RECORDED DATA
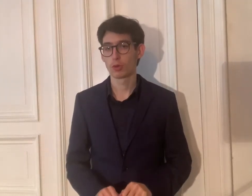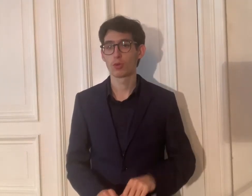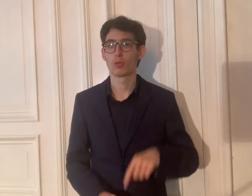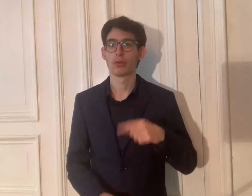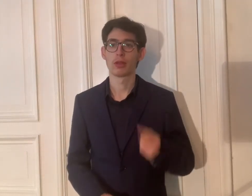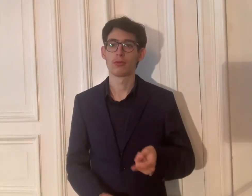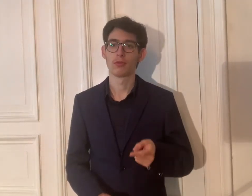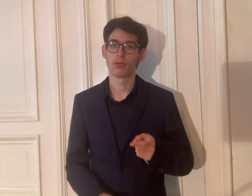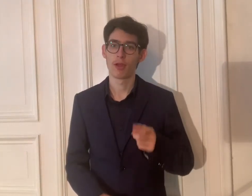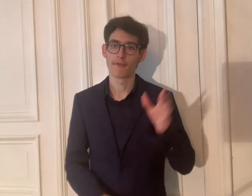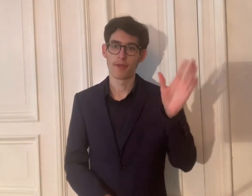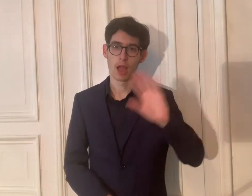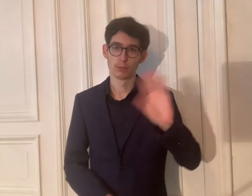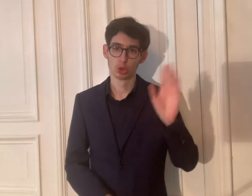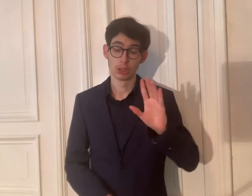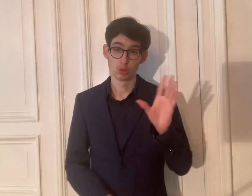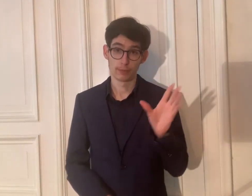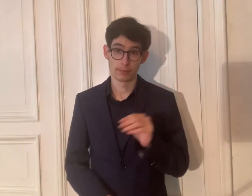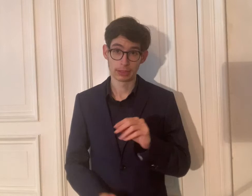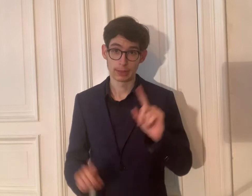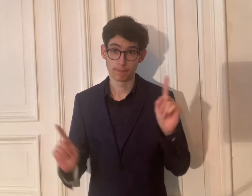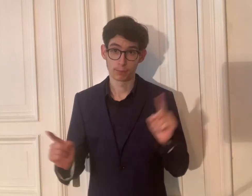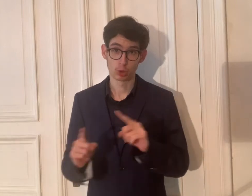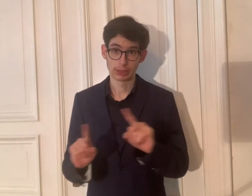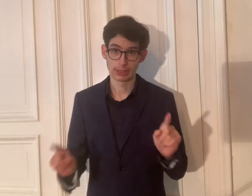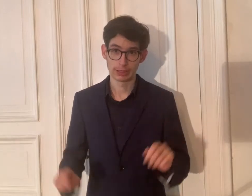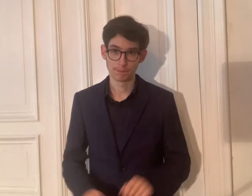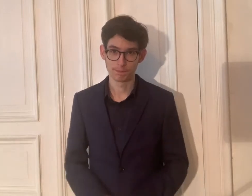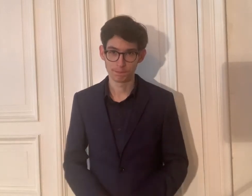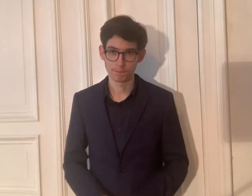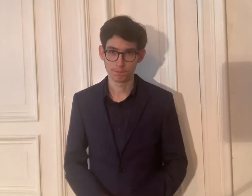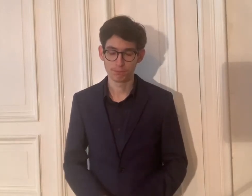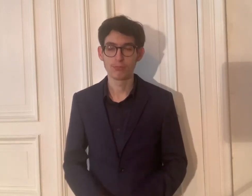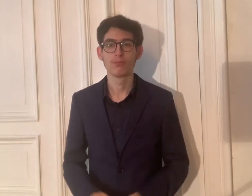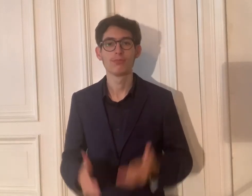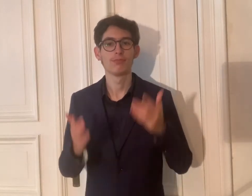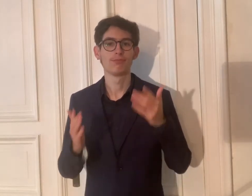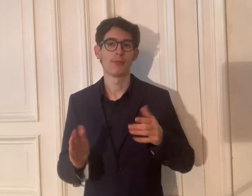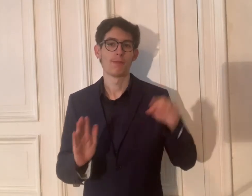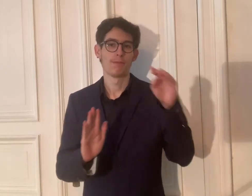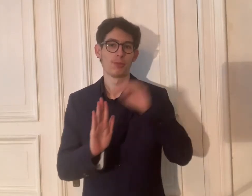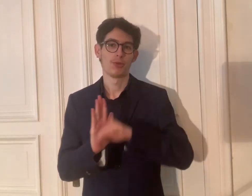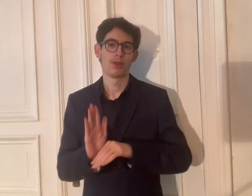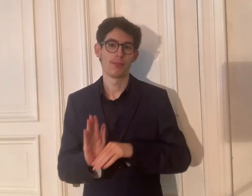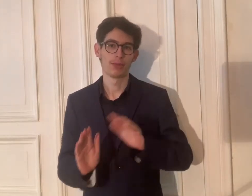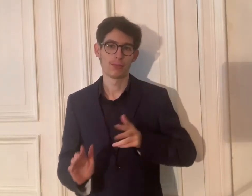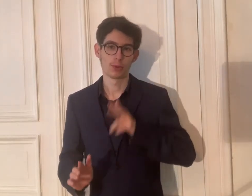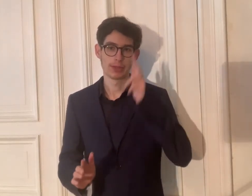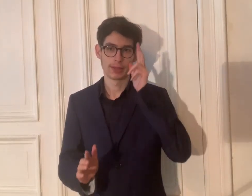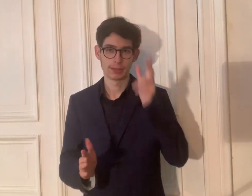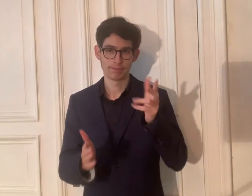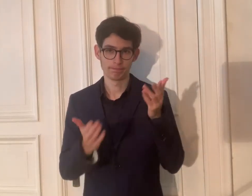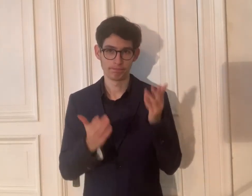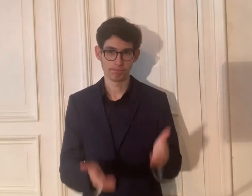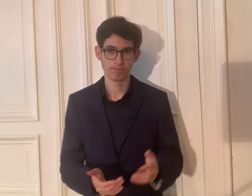4. Und dann die Verabschiedung mit Musik. Das ist das Programm, sehr geehrte Damen und Herren,
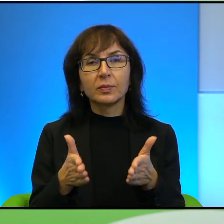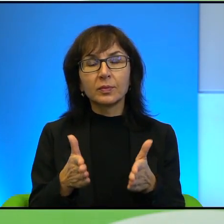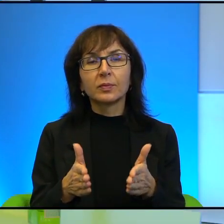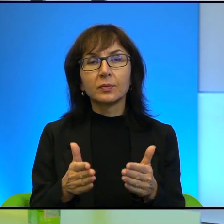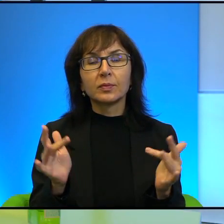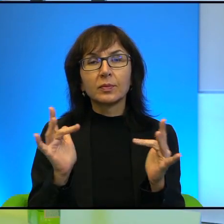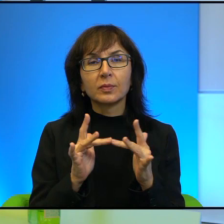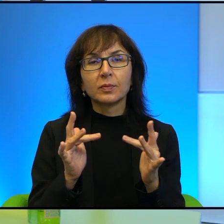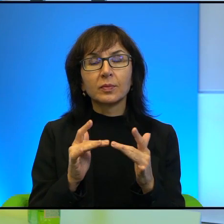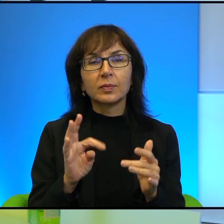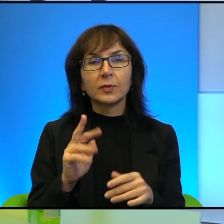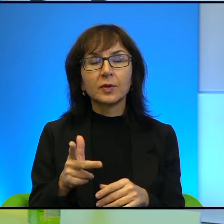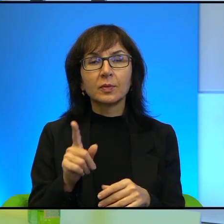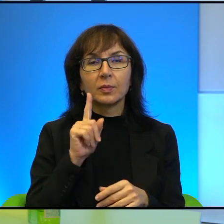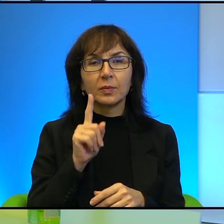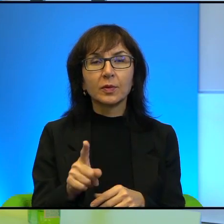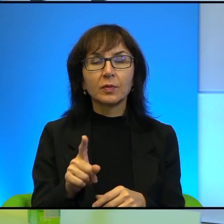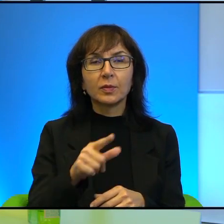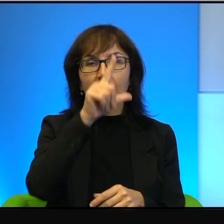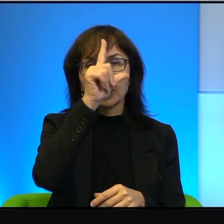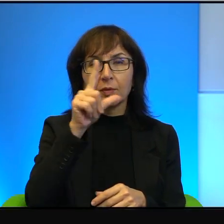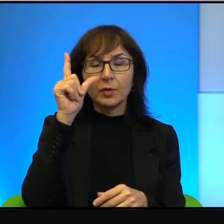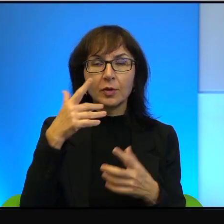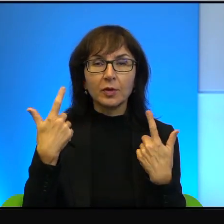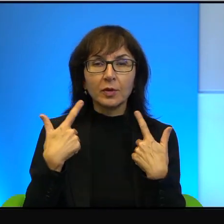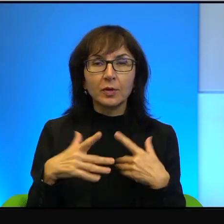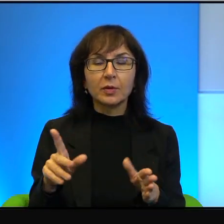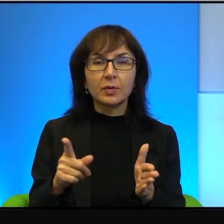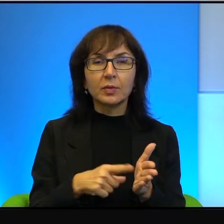To prawda, to prawda, że ci ludzie nie chcą bardzo często o sobie nic wiedzieć.
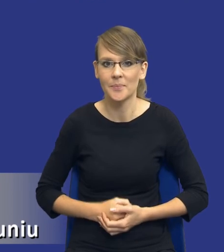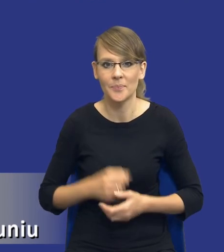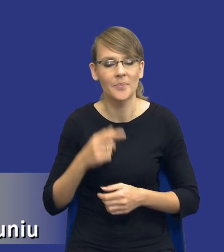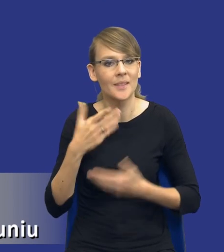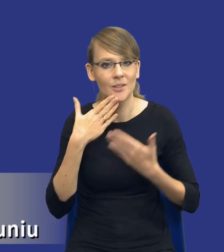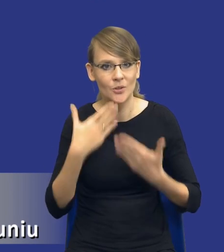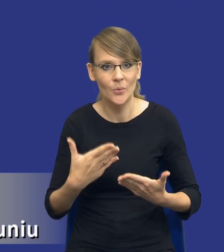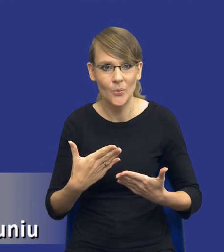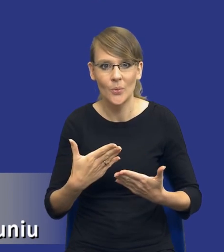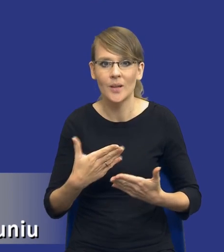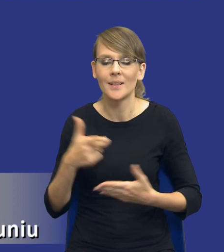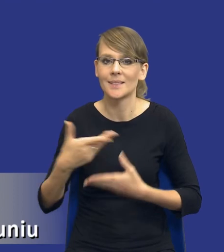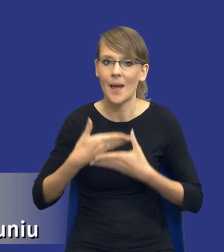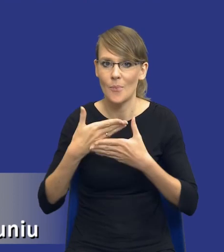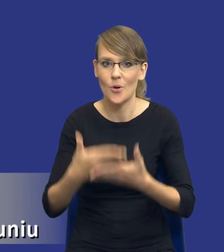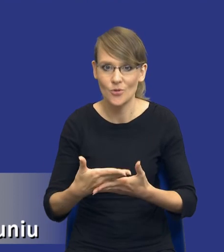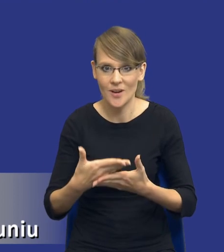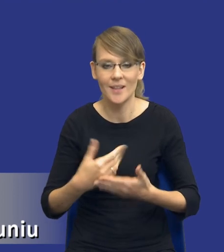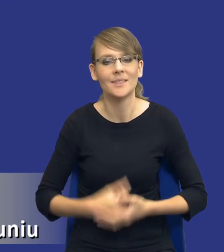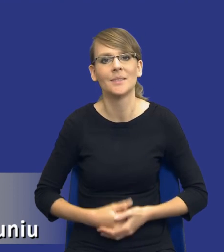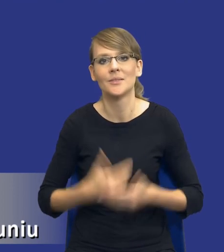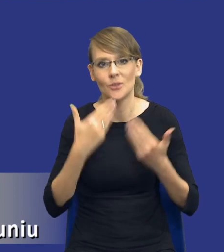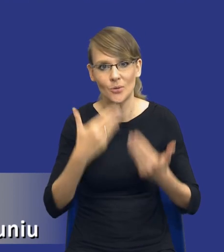za zaproszenie i możliwość zaprezentowania
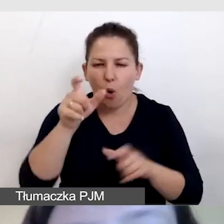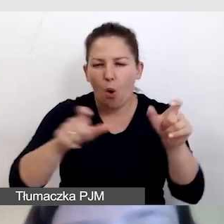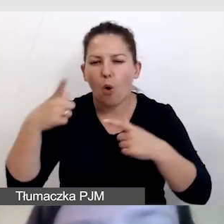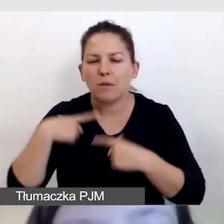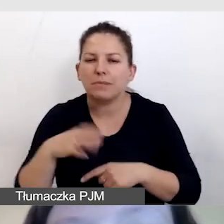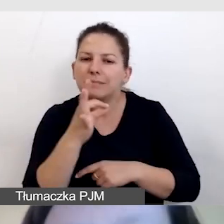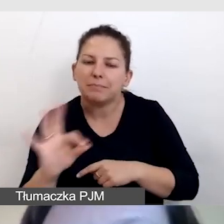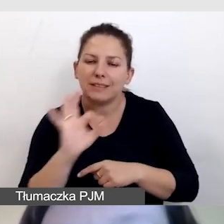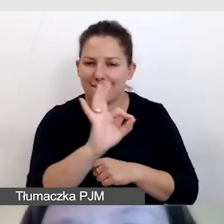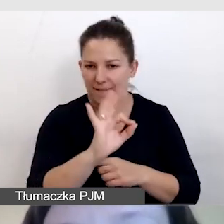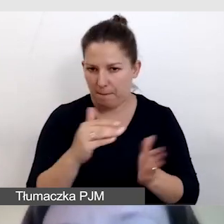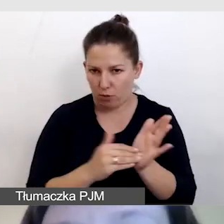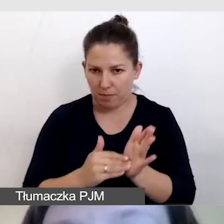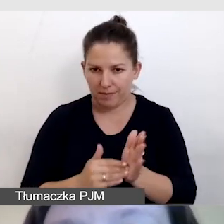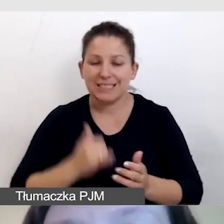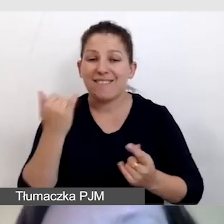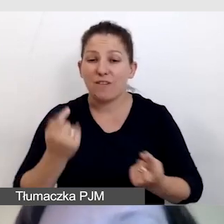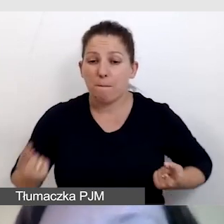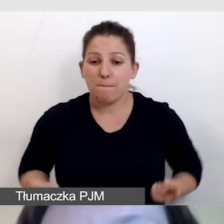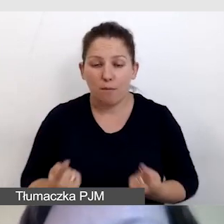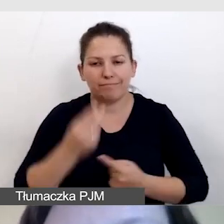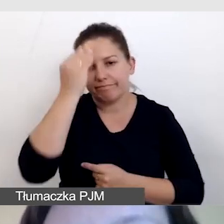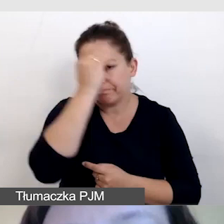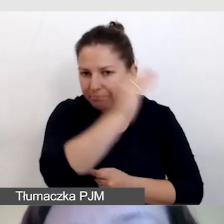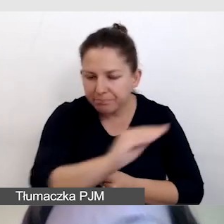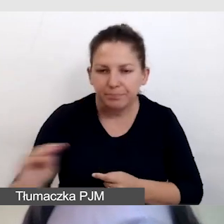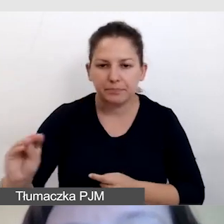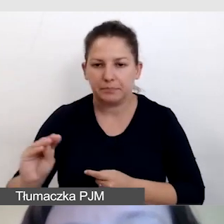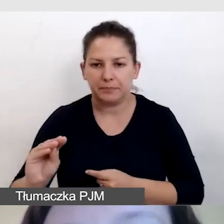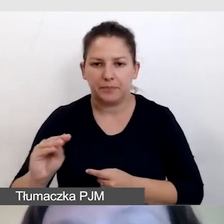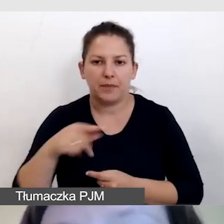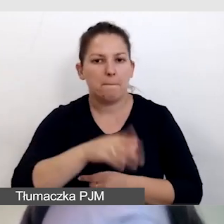Zawsze w promocji informujemy o tym, że będzie transmisja

TRY IT
The result should be a transcript of the lines from the line containing "za zaproszenie i możliwość zaprezentowania" through the end of the listing above, exact, inclusive, and without pictures.

EXERCISE OUTPUT
za zaproszenie i możliwość zaprezentowania
Zawsze w promocji informujemy o tym, że będzie transmisja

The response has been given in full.